Epstein-Barr virus (EBV) is an orally-transmitted human herpesvirus that persists in more than ninety percent of the adult population. A majority of infections are asymptomatic but long term carriage can be associated with development of malignancies of both lymphoid and epithelial origin.
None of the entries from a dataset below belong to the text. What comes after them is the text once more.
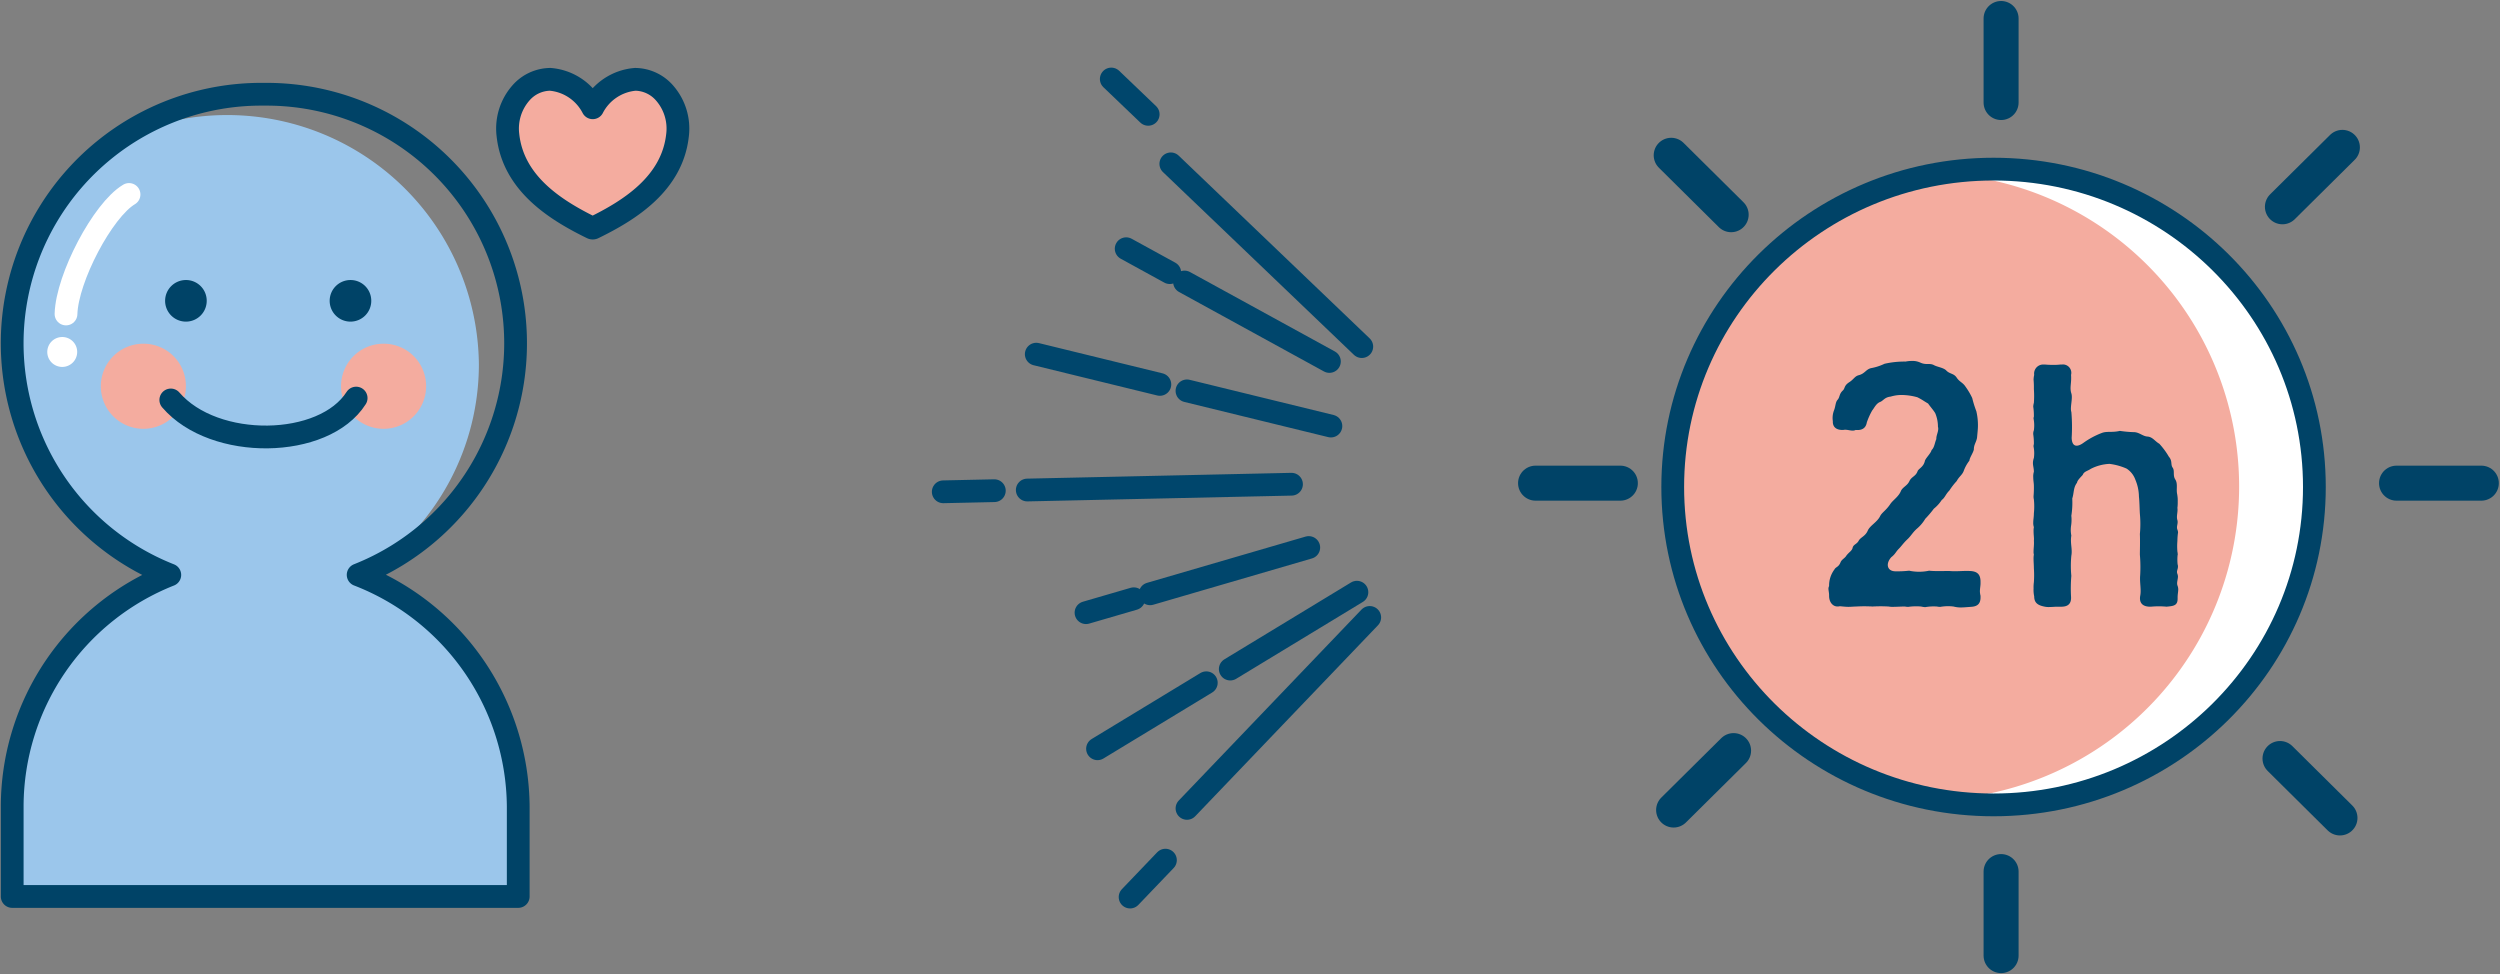 <svg id="研究結果3" xmlns="http://www.w3.org/2000/svg" xmlns:xlink="http://www.w3.org/1999/xlink" width="142.78" height="55.633" viewBox="0 0 142.78 55.633">
  <rect x="0" y="0" width="142.78" height="55.633" fill="#808080" stroke="none"/>
  <defs>
    <clipPath id="clip-path">
      <rect id="長方形_8676" data-name="長方形 8676" width="142.78" height="55.633" fill="none"/>
    </clipPath>
  </defs>
  <line id="線_822" data-name="線 822" y1="0.331" x2="15.091" transform="translate(58.669 27.655)" fill="none" stroke="#00466c" stroke-linecap="round" stroke-linejoin="round" stroke-width="1.3"/>
  <line id="線_823" data-name="線 823" x1="2.491" y1="1.366" transform="translate(64.318 14.205)" fill="none" stroke="#00466c" stroke-linecap="round" stroke-linejoin="round" stroke-width="1.3"/>
  <line id="線_824" data-name="線 824" x1="8.275" y1="4.538" transform="translate(67.65 16.106)" fill="none" stroke="#00466c" stroke-linecap="round" stroke-linejoin="round" stroke-width="1.3"/>
  <line id="線_825" data-name="線 825" x2="7.059" y2="1.727" transform="translate(59.183 20.227)" fill="none" stroke="#00466c" stroke-linecap="round" stroke-linejoin="round" stroke-width="1.3"/>
  <line id="線_826" data-name="線 826" x2="8.22" y2="2.01" transform="translate(67.79 22.323)" fill="none" stroke="#00466c" stroke-linecap="round" stroke-linejoin="round" stroke-width="1.3"/>
  <line id="線_827" data-name="線 827" y1="0.064" x2="2.917" transform="translate(53.871 28.024)" fill="none" stroke="#00466c" stroke-linecap="round" stroke-linejoin="round" stroke-width="1.3"/>
  <line id="線_828" data-name="線 828" x2="10.906" y2="10.437" transform="translate(66.868 9.358)" fill="none" stroke="#00466c" stroke-linecap="round" stroke-linejoin="round" stroke-width="1.3"/>
  <line id="線_829" data-name="線 829" x2="2.108" y2="2.018" transform="translate(63.467 4.512)" fill="none" stroke="#00466c" stroke-linecap="round" stroke-linejoin="round" stroke-width="1.3"/>
  <line id="線_830" data-name="線 830" y1="10.906" x2="10.437" transform="translate(67.791 35.263)" fill="none" stroke="#00466c" stroke-linecap="round" stroke-linejoin="round" stroke-width="1.3"/>
  <line id="線_831" data-name="線 831" x1="2.728" y2="0.795" transform="translate(62.024 34.196)" fill="none" stroke="#00466c" stroke-linecap="round" stroke-linejoin="round" stroke-width="1.3"/>
  <line id="線_832" data-name="線 832" x1="9.06" y2="2.643" transform="translate(65.686 31.27)" fill="none" stroke="#00466c" stroke-linecap="round" stroke-linejoin="round" stroke-width="1.3"/>
  <line id="線_833" data-name="線 833" y1="3.77" x2="6.212" transform="translate(62.682 38.994)" fill="none" stroke="#00466c" stroke-linecap="round" stroke-linejoin="round" stroke-width="1.3"/>
  <line id="線_834" data-name="線 834" y1="4.39" x2="7.233" transform="translate(70.263 33.822)" fill="none" stroke="#00466c" stroke-linecap="round" stroke-linejoin="round" stroke-width="1.3"/>
  <line id="線_835" data-name="線 835" y1="2.108" x2="2.018" transform="translate(64.542 49.125)" fill="none" stroke="#00466c" stroke-linecap="round" stroke-linejoin="round" stroke-width="1.3"/>
  <g id="グループ_39630" data-name="グループ 39630">
    <g id="グループ_39629" data-name="グループ 39629" clip-path="url(#clip-path)">
      <path id="パス_104934" data-name="パス 104934" d="M108.111,9.336A17.929,17.929,0,1,1,90.018,27.263,18.019,18.019,0,0,1,108.111,9.336" transform="translate(5.975 0.528)" fill="#f4ac9f" fill-rule="evenodd"/>
      <path id="パス_104935" data-name="パス 104935" d="M107.118,9.336a18.3,18.3,0,0,0-2.137.136,17.9,17.9,0,0,1,0,35.583,18.3,18.3,0,0,0,2.137.136,17.929,17.929,0,1,0,0-35.856" transform="translate(6.968 0.528)" fill="#fff"/>
      <ellipse id="楕円形_236" data-name="楕円形 236" cx="18.323" cy="18.155" rx="18.323" ry="18.155" transform="translate(95.533 9.659)" fill="none" stroke="#004367" stroke-linecap="round" stroke-linejoin="round" stroke-width="1.3"/>
      <line id="線_836" data-name="線 836" y2="4.798" transform="translate(114.286 1.057)" fill="none" stroke="#004367" stroke-linecap="round" stroke-linejoin="round" stroke-width="2"/>
      <line id="線_837" data-name="線 837" y1="4.798" transform="translate(114.286 49.778)" fill="none" stroke="#004367" stroke-linecap="round" stroke-linejoin="round" stroke-width="2"/>
      <line id="線_838" data-name="線 838" x2="3.424" y2="3.393" transform="translate(95.446 8.869)" fill="none" stroke="#004367" stroke-linecap="round" stroke-linejoin="round" stroke-width="2"/>
      <line id="線_839" data-name="線 839" x1="3.424" y1="3.393" transform="translate(130.216 43.321)" fill="none" stroke="#004367" stroke-linecap="round" stroke-linejoin="round" stroke-width="2"/>
      <line id="線_840" data-name="線 840" x2="4.842" transform="translate(87.699 27.594)" fill="none" stroke="#004367" stroke-linecap="round" stroke-linejoin="round" stroke-width="2"/>
      <line id="線_841" data-name="線 841" x1="4.842" transform="translate(136.871 27.594)" fill="none" stroke="#004367" stroke-linecap="round" stroke-linejoin="round" stroke-width="2"/>
      <line id="線_842" data-name="線 842" y1="3.393" x2="3.424" transform="translate(95.584 42.869)" fill="none" stroke="#004367" stroke-linecap="round" stroke-linejoin="round" stroke-width="2"/>
      <line id="線_843" data-name="線 843" x1="3.424" y2="3.393" transform="translate(130.354 8.417)" fill="none" stroke="#004367" stroke-linecap="round" stroke-linejoin="round" stroke-width="2"/>
      <path id="パス_104936" data-name="パス 104936" d="M106.612,32.224c0,.126-.036.286-.036.449a1.307,1.307,0,0,0,.036.251v.09c0,.4-.218.521-.544.539-.236.017-.417.036-.6.036a1.676,1.676,0,0,1-.4-.054,2.563,2.563,0,0,0-.743.018.821.821,0,0,1-.2-.018,2.842,2.842,0,0,0-.671.035,1.249,1.249,0,0,1-.236-.035,3.241,3.241,0,0,0-.724.018.824.824,0,0,1-.2-.018c-.236,0-.471.018-.671.018a1.125,1.125,0,0,1-.254-.018,7.856,7.856,0,0,0-.923,0,8.253,8.253,0,0,0-.944,0c-.126,0-.272.018-.434.018-.146,0-.308-.018-.489-.036-.363.09-.616-.2-.616-.593v-.036c0-.144-.037-.269-.037-.378a.335.335,0,0,1,.037-.143,1.535,1.535,0,0,1,.308-.952c.071-.144.235-.126.344-.4.071-.18.253-.234.343-.4.163-.2.291-.251.344-.413.037-.216.236-.216.345-.413.108-.216.38-.251.526-.593.126-.287.544-.485.706-.826.109-.216.344-.323.6-.718.163-.216.453-.4.58-.7.091-.234.363-.305.489-.575s.363-.269.471-.575c.054-.144.344-.234.417-.592.054-.163.344-.432.381-.612.163-.144.181-.43.272-.628-.018-.216.163-.485.091-.7a2,2,0,0,0-.145-.754c-.054-.126-.308-.413-.417-.575-.254-.144-.326-.216-.616-.359a3.533,3.533,0,0,0-.78-.126,2.162,2.162,0,0,0-.743.09c-.344.036-.417.234-.6.305-.236.09-.343.359-.453.485a3.962,3.962,0,0,0-.308.683c-.054.323-.272.467-.634.431-.218.108-.47-.054-.707,0-.435.018-.616-.2-.6-.5a1.222,1.222,0,0,1,.071-.629c.091-.234.073-.449.2-.593.144-.162.073-.323.308-.539.127-.126.053-.269.361-.467.255-.162.309-.341.544-.4.346-.09.4-.323.69-.4a3.053,3.053,0,0,0,.778-.251,5.092,5.092,0,0,1,1.2-.126,1.887,1.887,0,0,1,.363-.036,1.059,1.059,0,0,1,.472.09c.343.162.525.018.778.144.181.108.544.144.707.305.2.216.435.162.6.413s.344.269.508.521a3.927,3.927,0,0,1,.381.647,6.2,6.2,0,0,0,.235.754,3.531,3.531,0,0,1,.091.843c0,.18-.035.485-.053.683-.054.269-.181.377-.181.665-.054.216-.236.449-.254.63a2.141,2.141,0,0,0-.326.592c-.091.234-.255.305-.4.575a3.829,3.829,0,0,0-.417.539c-.218.216-.254.413-.435.539a2.145,2.145,0,0,1-.453.5,5.923,5.923,0,0,1-.489.575,2.225,2.225,0,0,1-.489.575c-.236.216-.308.377-.508.575-.254.234-.362.413-.508.557-.181.18-.2.305-.434.485-.327.359-.255.79.216.808a5.929,5.929,0,0,0,.8-.036,2.714,2.714,0,0,0,1.142,0c.308.036.707.018,1.16.018.453.036.725-.018,1.177,0,.382.018.6.162.6.611Z" transform="translate(6.5 1.105)" fill="#00466c"/>
      <path id="パス_104937" data-name="パス 104937" d="M117.142,30.58a2.669,2.669,0,0,0,0,.539.33.33,0,0,1,.019.126c0,.162-.091.251-.037.4a.515.515,0,0,1,.037.162c0,.18-.091.377-.019.539a.611.611,0,0,1,.036.2c0,.126-.036.287-.036.448v.09c0,.4-.254.413-.634.45a4.788,4.788,0,0,0-.888,0h-.054c-.361,0-.633-.162-.562-.612.074-.358-.036-.753,0-1.184a8.25,8.25,0,0,0-.017-1.168c0-.305.017-.754,0-1.186a6.093,6.093,0,0,0,0-1.15c-.019-.287-.019-.683-.054-.988a2.542,2.542,0,0,0-.2-.952,1.254,1.254,0,0,0-.507-.647,3.429,3.429,0,0,0-.979-.269,2.584,2.584,0,0,0-1.07.287c-.181.126-.382.144-.453.341-.11.126-.308.305-.327.449-.218.287-.162.557-.272.9a4.758,4.758,0,0,1-.053.988,2.187,2.187,0,0,1-.018.593,1.687,1.687,0,0,0,.018.539c-.074.431.073.772,0,1.15a6.036,6.036,0,0,0,0,1.15,8.476,8.476,0,0,0-.018,1.168c.035.448-.2.593-.562.593h-.236c-.145,0-.29.018-.453.018a1.043,1.043,0,0,1-.236-.018c-.381-.072-.616-.2-.616-.593a1.74,1.74,0,0,1-.036-.449,2.285,2.285,0,0,1,.018-.36,5.719,5.719,0,0,0,0-.789c0-.2-.018-.359-.018-.521a1.348,1.348,0,0,1,.018-.269.549.549,0,0,1-.018-.18c0-.18.036-.377.018-.611.018-.144-.018-.323-.018-.539a1.1,1.1,0,0,1,.018-.234.738.738,0,0,1-.036-.269c0-.162.036-.305.036-.521a3.821,3.821,0,0,0,0-.79.731.731,0,0,1-.018-.2,5.548,5.548,0,0,0,.018-.593c0-.126-.036-.287-.036-.485a.882.882,0,0,1,.036-.305c0-.2-.054-.341-.054-.5a.887.887,0,0,1,.054-.288,1.924,1.924,0,0,0-.018-.647.34.34,0,0,1,.018-.143,3.361,3.361,0,0,0-.036-.557.528.528,0,0,1,.036-.235,2.025,2.025,0,0,0-.018-.664.224.224,0,0,1,.018-.108,3.465,3.465,0,0,0-.036-.575.912.912,0,0,1,.036-.217,5.564,5.564,0,0,0,0-.789,4.836,4.836,0,0,0-.018-.539,1.373,1.373,0,0,1,.036-.269.519.519,0,0,1,.544-.593h.073a4.461,4.461,0,0,0,.508.018,2.338,2.338,0,0,0,.363-.018h.091a.478.478,0,0,1,.526.593c.035.485-.091.717.018,1.06.091.287-.091.807,0,1.06a10,10,0,0,1,.017,1.472c.019.593.382.5.672.288a4.558,4.558,0,0,1,1.033-.558c.308-.125.58-.017,1.05-.125a6.689,6.689,0,0,0,.8.072c.291,0,.508.232.761.25.308.018.435.269.69.413a4.2,4.2,0,0,1,.543.736c.219.251.091.449.219.629s0,.431.144.665c.164.251.054.539.109.826a2.029,2.029,0,0,1,.036.467,2.152,2.152,0,0,1-.018.341c.037.234-.073.467,0,.7.054.2-.073.359,0,.539a.522.522,0,0,1,.037.162,3.309,3.309,0,0,0-.037.485,3.535,3.535,0,0,0,0,.611.8.8,0,0,1,.018.2" transform="translate(7.226 1.115)" fill="#00466c"/>
      <path id="パス_104938" data-name="パス 104938" d="M32,12.772a.086.086,0,0,0,.046.011.084.084,0,0,0,.046-.011c2.08-1.016,4.505-2.54,4.8-5.306a3.083,3.083,0,0,0-.743-2.4,2.257,2.257,0,0,0-1.672-.778,3.018,3.018,0,0,0-2.429,1.624,3.016,3.016,0,0,0-2.429-1.624,2.257,2.257,0,0,0-1.672.778,3.083,3.083,0,0,0-.743,2.4c.293,2.766,2.718,4.29,4.8,5.306" transform="translate(1.804 0.243)" fill="#f4ac9f"/>
      <path id="パス_104939" data-name="パス 104939" d="M32,12.772a.086.086,0,0,0,.046.011.084.084,0,0,0,.046-.011c2.08-1.016,4.505-2.54,4.8-5.306a3.083,3.083,0,0,0-.743-2.4,2.257,2.257,0,0,0-1.672-.778,3.018,3.018,0,0,0-2.429,1.624,3.016,3.016,0,0,0-2.429-1.624,2.257,2.257,0,0,0-1.672.778,3.083,3.083,0,0,0-.743,2.4C27.5,10.232,29.92,11.756,32,12.772Z" transform="translate(1.804 0.243)" fill="none" stroke="#004367" stroke-linejoin="round" stroke-width="1.3"/>
      <path id="パス_104940" data-name="パス 104940" d="M7.045,32.147c-.2.122-.4.241-.585.371.236-.109.469-.219.712-.315-.045-.017-.084-.038-.127-.056" transform="translate(0.429 1.819)" fill="#9bc6eb"/>
      <path id="パス_104941" data-name="パス 104941" d="M19.307,31.144c.194-.12.389-.238.577-.367-.232.108-.463.217-.7.312.043.017.082.038.125.055" transform="translate(1.273 1.742)" fill="#9bc6eb"/>
      <path id="パス_104942" data-name="パス 104942" d="M21.986,33.514c-.978-.616-2.153-.544-1.449-.979-.043-.018-.082-.038-.125-.055.238-.1.469-.2.7-.312a14.177,14.177,0,0,0,6.195-11.7A14.375,14.375,0,0,0,6.842,7.573,14.175,14.175,0,0,0,9.653,32.484a14.322,14.322,0,0,0-2.222,1.131c.043.018.083.039.126.056-.241.1-.476.206-.71.315a14.177,14.177,0,0,0-6.2,11.7V50.85H29.539V46.877c0-5.987-2.23-11.256-7.553-13.363" transform="translate(0.043 0.352)" fill="#9bc6eb"/>
      <path id="パス_104943" data-name="パス 104943" d="M20.412,32.543A14.223,14.223,0,0,0,15.028,5.095,14.223,14.223,0,0,0,9.654,32.547a14.244,14.244,0,0,0-9,13.206v5.158h28.9V45.754A14.3,14.3,0,0,0,20.412,32.543Z" transform="translate(0.043 0.288)" fill="none" stroke="#004367" stroke-linecap="round" stroke-linejoin="round" stroke-width="1.3"/>
      <path id="パス_104944" data-name="パス 104944" d="M20.032,16.313a1.188,1.188,0,1,1-1.188-1.177,1.183,1.183,0,0,1,1.188,1.177" transform="translate(1.172 0.857)" fill="#004367"/>
      <path id="パス_104945" data-name="パス 104945" d="M11.219,16.313a1.188,1.188,0,1,1-1.188-1.177,1.183,1.183,0,0,1,1.188,1.177" transform="translate(0.587 0.857)" fill="#004367"/>
      <path id="パス_104946" data-name="パス 104946" d="M10.26,20.987a2.43,2.43,0,1,1-2.43-2.408,2.419,2.419,0,0,1,2.43,2.408" transform="translate(0.358 1.051)" fill="#f4ac9f"/>
      <path id="パス_104947" data-name="パス 104947" d="M23.124,20.987a2.43,2.43,0,1,1-2.43-2.408,2.419,2.419,0,0,1,2.43,2.408" transform="translate(1.212 1.051)" fill="#f4ac9f"/>
      <path id="パス_104948" data-name="パス 104948" d="M9.147,21.624c2.485,2.89,8.75,2.783,10.586-.107" transform="translate(0.607 1.218)" fill="none" stroke="#004367" stroke-linecap="round" stroke-linejoin="round" stroke-width="1.3"/>
      <path id="パス_104949" data-name="パス 104949" d="M7.135,10.511c-1.5.891-3.54,4.769-3.6,6.826" transform="translate(0.235 0.595)" fill="none" stroke="#fff" stroke-linecap="round" stroke-linejoin="round" stroke-width="1.3"/>
      <path id="パス_104950" data-name="パス 104950" d="M4.24,19.062a.854.854,0,1,1-.854-.845.85.85,0,0,1,.854.845" transform="translate(0.168 1.031)" fill="#fff"/>
    </g>
  </g>
</svg>

The frequency and aggressiveness of these increase in individuals co-infected with the human immunodeficiency virus (HIV). In recent years there has been a reevaluation of the life cycle of persistence of EBV in its human host and a renewed appreciation of the central role that epithelial cells in the oropharynx play in its maintenance. Our long term goals are to understand the parameters involved in targeting this tissue. We and others recently described two ways in which the environment in vivo can influence epithelial infection, in both cases implying that the major envelope glycoprotein gp350/220, which is required to attach virus to its receptor CD21 on a B cell, is not only dispensable for infection of an epithelial cell, but also interferes with the process. Our work indicates that antibodies to gp350/220, which may be found at high levels in HIV-positive individuals, enhance epithelial cell infection. We hypothesize that antibodies to gp350/220 patch the protein in the virus envelope to facilitate access of more relevant virus proteins to the epithelial cell surface. Our immediate goals are to test this hypothesis, to determine what steps in the virus life cycle are impacted and to explore the effect of saliva from HIV infected individuals on virus replication. There are four specific aims. The first aim will evaluate the levels and contribution of antibodies in saliva of HIV infected individuals to epithelial cell infection. The second aim will use BAG technology to make recombinant viruses that lack gp350/220. The third aim will use this virus and antibodies to gp350/220 to determine what steps in epithelial infection are enhanced. The approach will be to use real time PCR analysis of fractionated cells to follow virus entry through into the nucleus. The fourth aim will use microarray technology to determine if intracellular signaling events are impacted and if they influence these early steps in replication. The high prevalence and loads of EBV in HIV infected individuals correlate with elevated incidence of oropharygeal tumors. Our goal is to understand the factors that influence virus replication in order to estimate risk and develop strategies to avoid it.

EB病毒（EBV）是一种经口传播的人类疱疹病毒， 的成年人口。大多数感染是无症状的，但长期携带可能与 伴随淋巴和上皮来源的恶性肿瘤的发展。频率和攻击性 其中，同时感染人类免疫缺陷病毒（艾滋病毒）的人数有所增加。近年来 人们重新评估了EB病毒在人类宿主中持续存在的生命周期， 对口咽上皮细胞在其维持中发挥的核心作用的认识。我们的长期 目标是了解靶向该组织所涉及的参数。我们和其他人最近描述了 体内环境可以影响上皮感染的两种方式，在这两种情况下， 主要包膜糖蛋白gp 350/220是将病毒附着到B细胞上的受体CD 21上所必需的， 这不仅会导致上皮细胞的感染，而且会干扰该过程。我们的工作 表明gp 350/220的抗体，在HIV阳性个体中可能以高水平存在， 增强上皮细胞感染。我们假设gp 350/220的抗体修补了病毒中的蛋白质 包膜，以促进更多相关病毒蛋白进入上皮细胞表面。我们眼前的 目标是检验这一假设，确定病毒生命周期中的哪些步骤受到影响，并探索 HIV感染者的唾液对病毒复制的影响。有四个具体目标。第一 目的是评估HIV感染者唾液中抗体的水平和对上皮细胞的贡献， 感染第二个目标将使用BAG技术制造缺乏gp 350/220的重组病毒。的 第三个目标将使用这种病毒和gp 350/220抗体来确定上皮感染的步骤 增强该方法将使用分级细胞的真实的时间PCR分析来跟踪病毒进入 进入细胞核。第四个目标将使用微阵列技术来确定细胞内信号是否 事件是否会受到影响，以及它们是否会影响复制中的这些早期步骤。高流行率和负荷 HIV感染者中的EBV与卵巢癌的发病率升高相关。我们的目标是 了解影响病毒复制的因素，以估计风险并制定策略， 避免它。